Aug 22, 2022 | Ship design & naval architecture news

Ferry operator Scandlines has chosen ReFlow, a Danish climate tech company, to develop advanced climate twins of its latest freight ferry design using life cycle assessment (LCA) methodology.

Steel is currently being cut at Cemre Shipyard in Turkey for the zero-emission electric vessel contracted by Scandlines for the Puttgarden-Rødby route. Over the following months, ReFlow will build a detailed life-cycle model representing the vessel from its construction to its end of life many years from now. The model will show the environmental impact of the ferry, not only in its use but also from its construction at Cemre Shipyard along with the installed equipment. The digital ‘climate twin’ will make it possible for Scandlines to run simulations on the use of new green technology on the ferry – something that is considered nearly impossible today.

LCA is a holistic approach to assessing the environmental impact. It can include all life cycle stages of a vessel and not just the fuel consumption that is common practice in the maritime industry. Incorporating all life cycle stages, the shipowner will get a complete overview of the vessel’s emissions in its entire life, including fuel consumption.

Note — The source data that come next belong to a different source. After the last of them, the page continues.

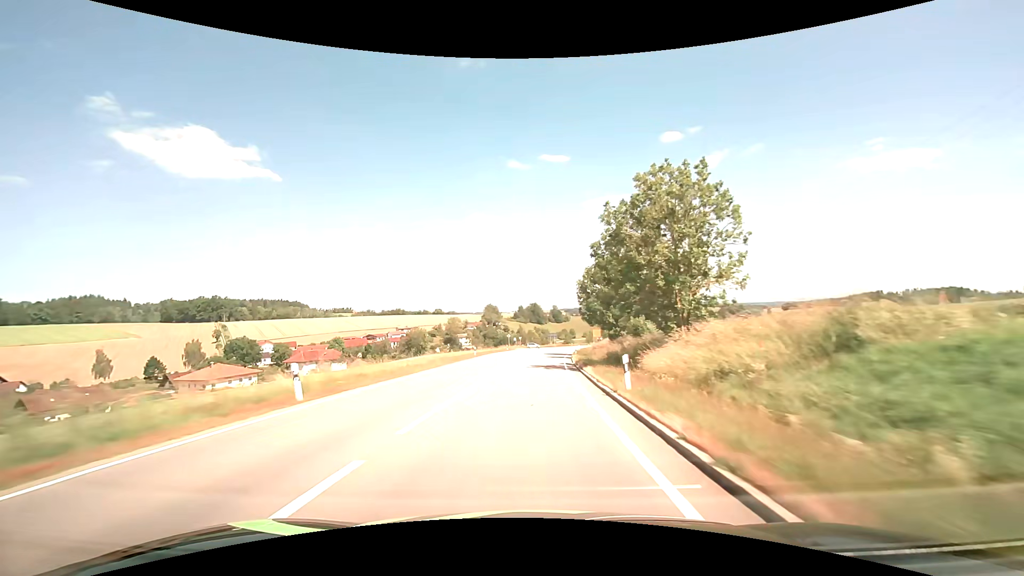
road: secondary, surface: asphalt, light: Day
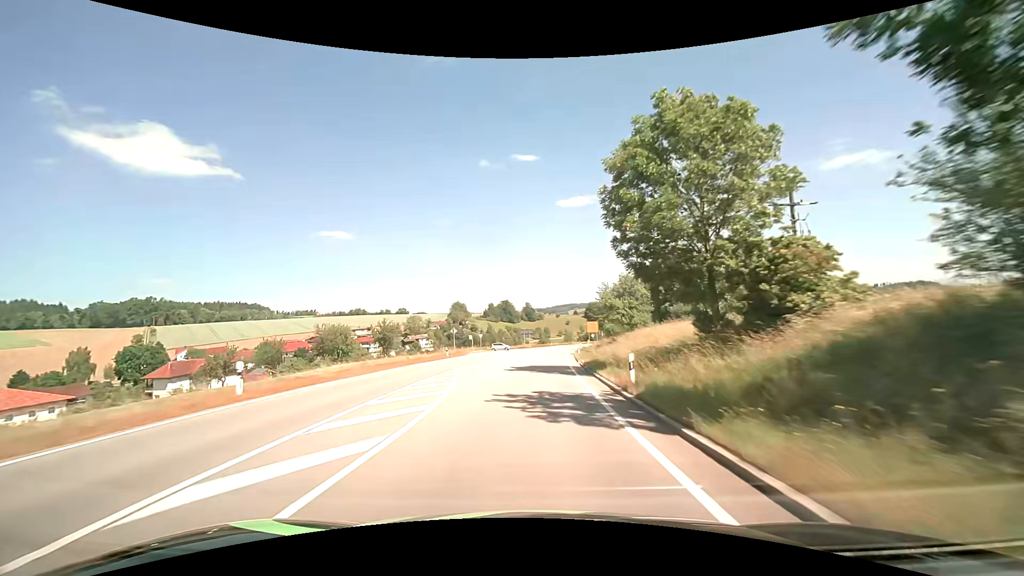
(+1.3, +41.3) m; +3°
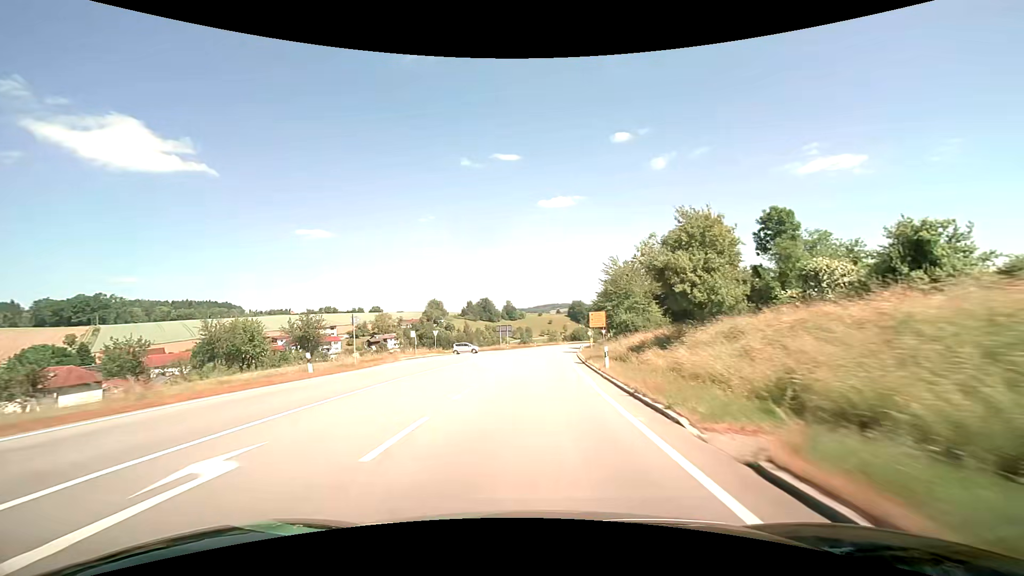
(+0.5, +27.3) m; +2°
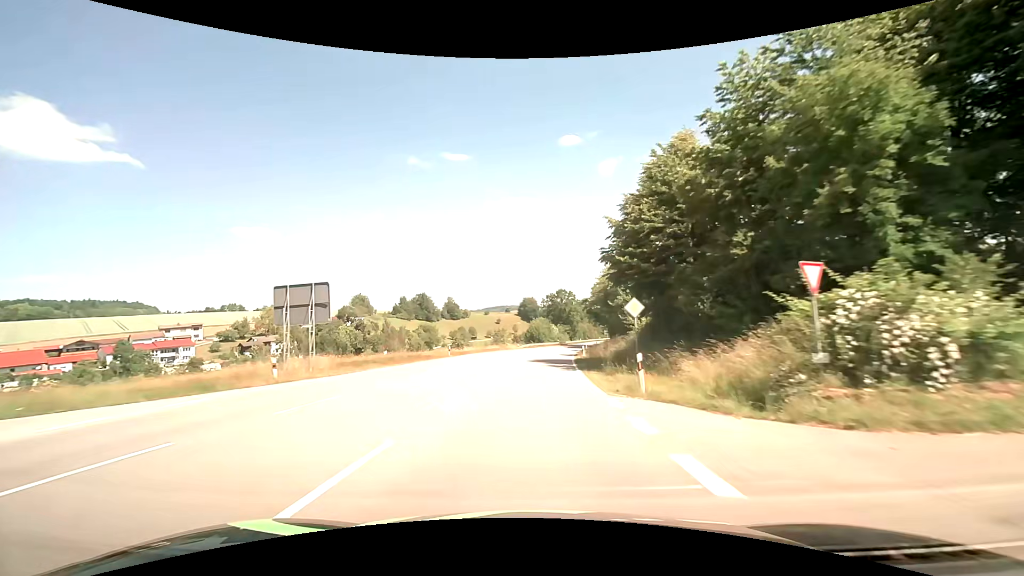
(+3.9, +67.3) m; +6°
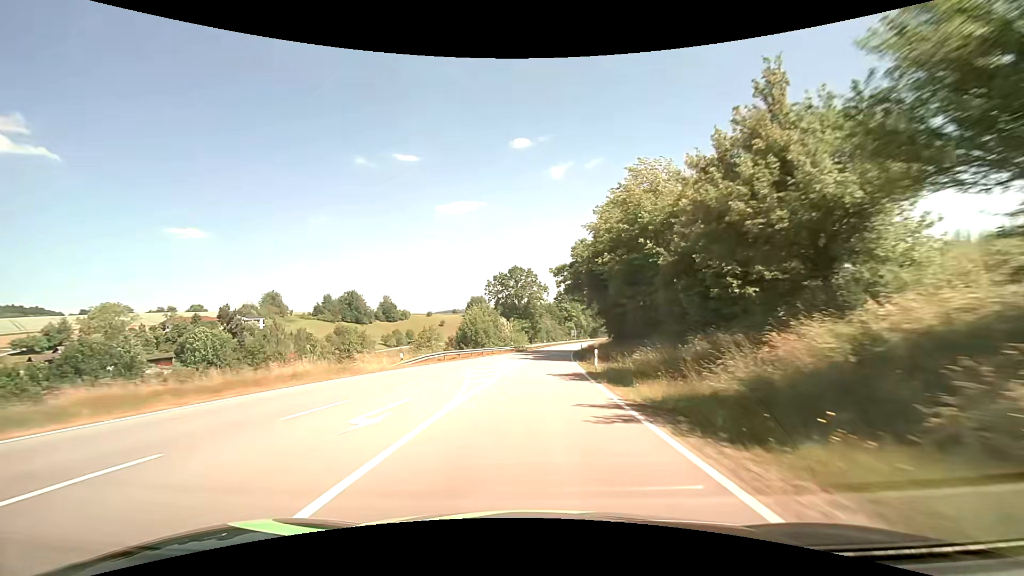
(+2.6, +53.8) m; +5°
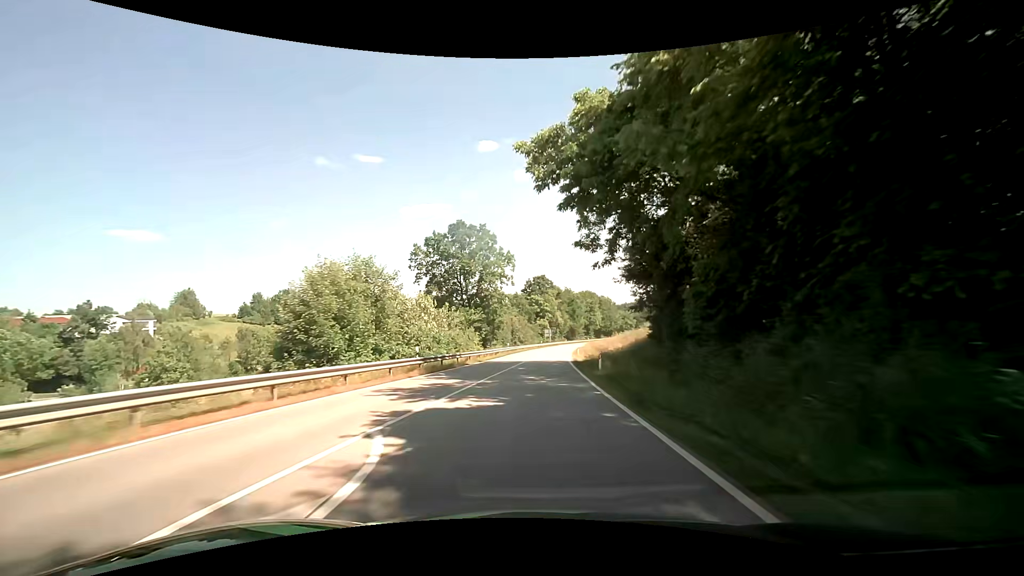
(+1.5, +40.5) m; +4°
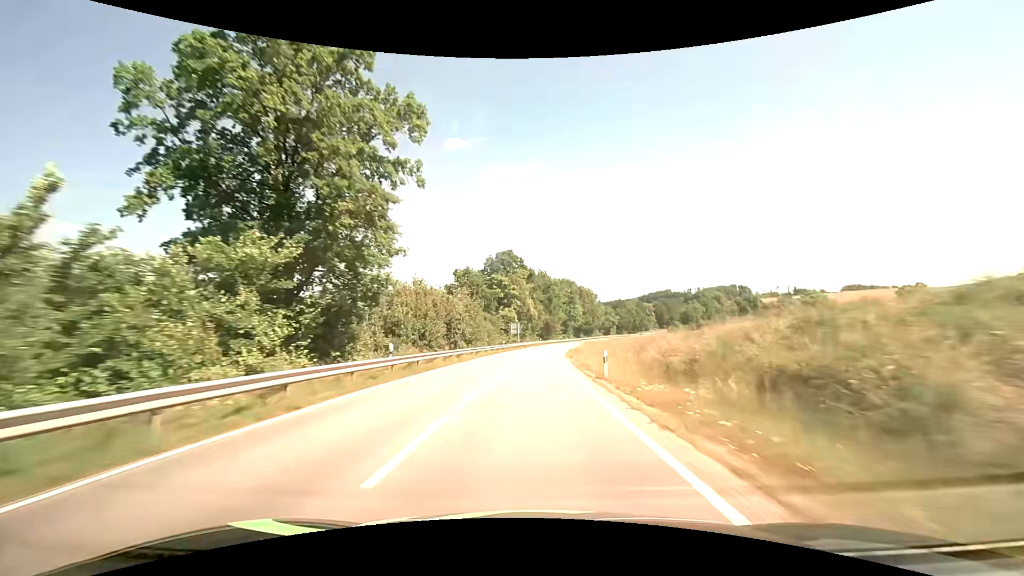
(+1.5, +40.8) m; +4°
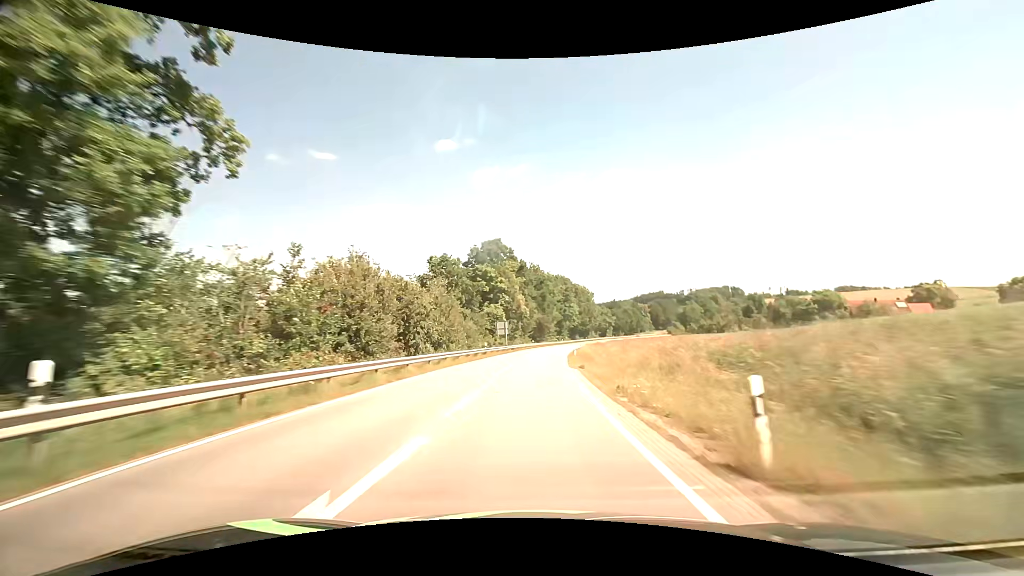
(+0.1, +13.7) m; +1°
(0, +10) (0, +20) (0, +30) (+1, +40) (+1, +50) (+2, +60) (+3, +70) (+4, +80) (+6, +90) (+7, +100) m

Fini A Hansen, VP Fleet, Scandlines, said: “Our new zero-emission vessel will be electrically powered, so it makes good sense for us to look at the entire life cycle and understand the remaining emissions so they can be improved over time.”

The ferry will be environmentally assessed using ISO-backed LCA methodology – a tool well-known in other industries but relatively new to maritime.

Rasmus Elsborg-Jensen, CEO and Founder, ReFlow, said: “We are very excited about the new cooperation and also looking forward to the world premiere of applying life cycle assessment to a complete ferry – it is an industry first to our knowledge.”

The assessment of the ferry design and its proposed life cycle is no small task. It will run over the next three months and include detailed information on the building processes and chosen equipment aboard.

Elsborg-Jensen added: “It is our ambition to provide Scandlines with a granular understanding of the emissions associated with, not just the fuel use, but also the vessel itself, allowing for future “plug and play” scenarios where new greener technologies can be assessed on the vessel before an investment.”

The EU highlights the use of LCA as the go-to tool for providing environmental data on products and processes. New EU initiatives like the Green Deal call for more environmental data and product transparency, and Life Cycle Assessment provides exactly that.

“Using life cycle assessment, the shipowners can get a more granular understanding of the current environmental profile of a vessel but also, more importantly, understand the future roads towards a greener vessel – a patch that often is linked with partnerships and new technologies,” Elsborg-Jensen concluded.

ReFlow will, jointly with the traditional LCA process, incorporate the digital solution that makes it possible for suppliers to make and submit their LCA calculations directly to Scandlines, speeding up the process when selecting new or evaluating current suppliers. Several maritime OEMs are already using the digital platform, which makes it possible to cut the time and cost associated with a life cycle assessment of the products by over 80% compared to traditional manual approaches.

Hansen said: “The digital solution from ReFlow will be a good enabler for our green procurement strategy as it allows our current and future suppliers to provide climate data on their products. Product climate data will allow us to evaluate products and eventually lower the carbon footprint over time.”